Originally from the Gulf Coast, the experienced fisherman who now lives in Southern California, had previously caught almost every kind of shark, from bull and blacktips to sandbar and spinner sharks - but never a great white.
That changed in late October, though, after a family fishing expedition on a Camp Pendleton beach with his wife, daughter and dog exceeded all of their expectations.
"There's not many people who can say they've touched a great white or let alone caught one on the beach," Fangman said.
Using a piece of stingray as bait, Fangman had been fishing in that same spot along the shore for more than two hours with little luck, until suddenly, he felt a pull on his fishing pole.
"All of a sudden it bowed over and the line was just rolling off the reel," Fangman exclaimed, "and then I realized I had something!"
After nearly half an hour, he managed to reel in his combative catch as his wife Aldrei captured it all on the family's video camera.
"(My wife) was shocked, she was surprised just as much as I was," Fangman added.
Once in shallow water, Fangman wasted no time in posing with his temporary conquest.
"I know it's just a beautiful creature, a great white.

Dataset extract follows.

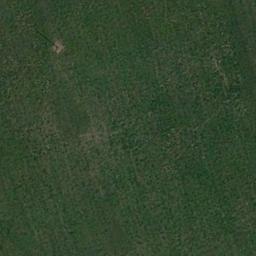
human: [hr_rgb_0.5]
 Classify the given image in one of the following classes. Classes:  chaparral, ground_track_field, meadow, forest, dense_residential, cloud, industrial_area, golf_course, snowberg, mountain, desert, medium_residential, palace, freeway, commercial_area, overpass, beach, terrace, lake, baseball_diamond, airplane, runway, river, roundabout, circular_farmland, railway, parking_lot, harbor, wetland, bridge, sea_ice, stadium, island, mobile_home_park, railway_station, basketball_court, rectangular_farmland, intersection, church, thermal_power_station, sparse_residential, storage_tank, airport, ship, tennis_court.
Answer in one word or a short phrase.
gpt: meadow
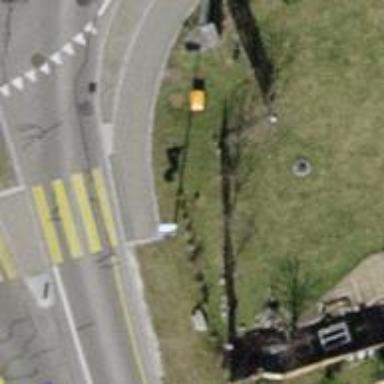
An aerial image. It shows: Raised kerb.

I was so shocked," he recalled. "It is a big strong fish and it's like solid muscle. It didn't really move when it was on the beach."
At one point, Fangman even calmly opened the great white's mouth, showing off its rows of razor-sharp teeth for the camera.
Just a couple minutes after reeling his catch on - and after measuring the healthy nine-and-a-half foot juvenile female - Fangman then quickly guided her back to her native habitat.
"She was really calm, and as soon as I got here back in to deep enough water where she could move, she was moving her tail and swimming right back into the ocean," he said.
Earlier this year, California's Fish and Game Commission voted to consider listing great white sharks as an endangered species. The commission is expected to make its final decision next Spring.